Data lineage for every pipeline

Use Marquez to collect, aggregate, and visualize metadata about your data pipelines and applications.

What is Marquez?

Marquez is an open source metadata service. It maintains data provenance, shows how datasets are consumed and produced, provides global visibility into job runtimes, centralizes dataset lifecycle management, and much more.

Marquez was released and open sourced by WeWork.

What does Marquez do?

Real-time metadata collection

Marquez is a metadata server, offering an OpenLineage-compatible endpoint for real-time collection of information from running jobs and applications.

As the reference implementation of OpenLineage, the Marquez API server already works with all of its integrations developed by the community. This includes Apache Airflow, Apache Spark, dbt, Dagster, and Great Expectations.

Unified visual graph

Through a web user interface, Marquez can provide a visual map that shows complex interdependencies within your data ecosystem.

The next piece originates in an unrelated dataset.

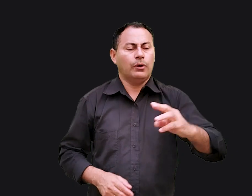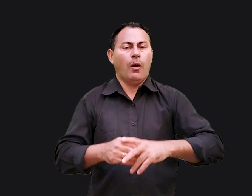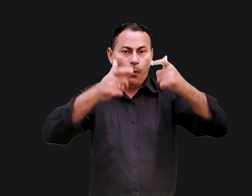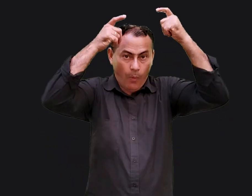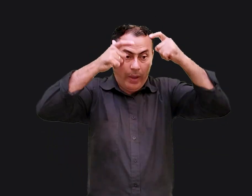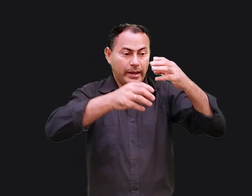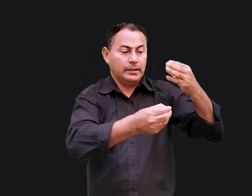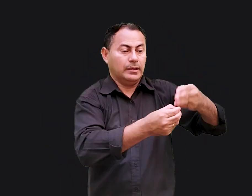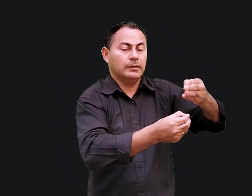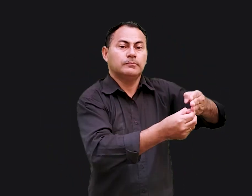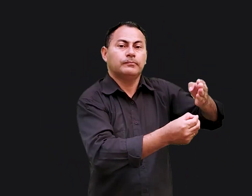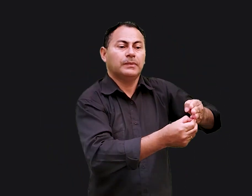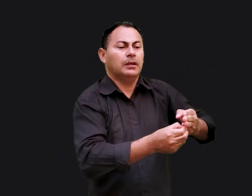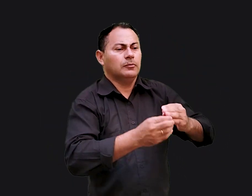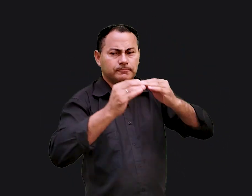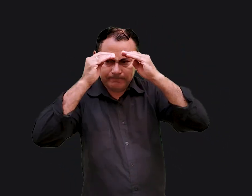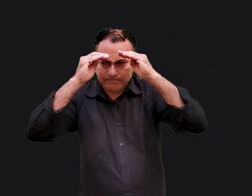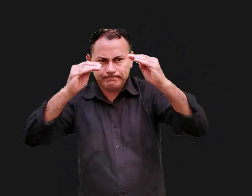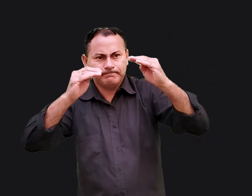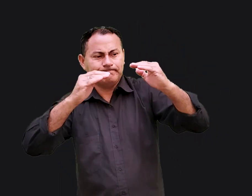elas se sujeitarão a ele

The user interface allows you to browse the metadata within Marquez, making it easy to see the inputs and outputs of each job, trace the lineage of individual datasets, and study performance metrics and execution details.

Flexible Lineage API

Lineage metadata can be queried using the lineage API, allowing for automation of key tasks like backfills and root cause analysis.

With the Lineage API, you can easily traverse the dependency tree and establish context for datasets across multiple pipelines and orchestration platforms. This can be used to enrich data catalogs and data quality systems.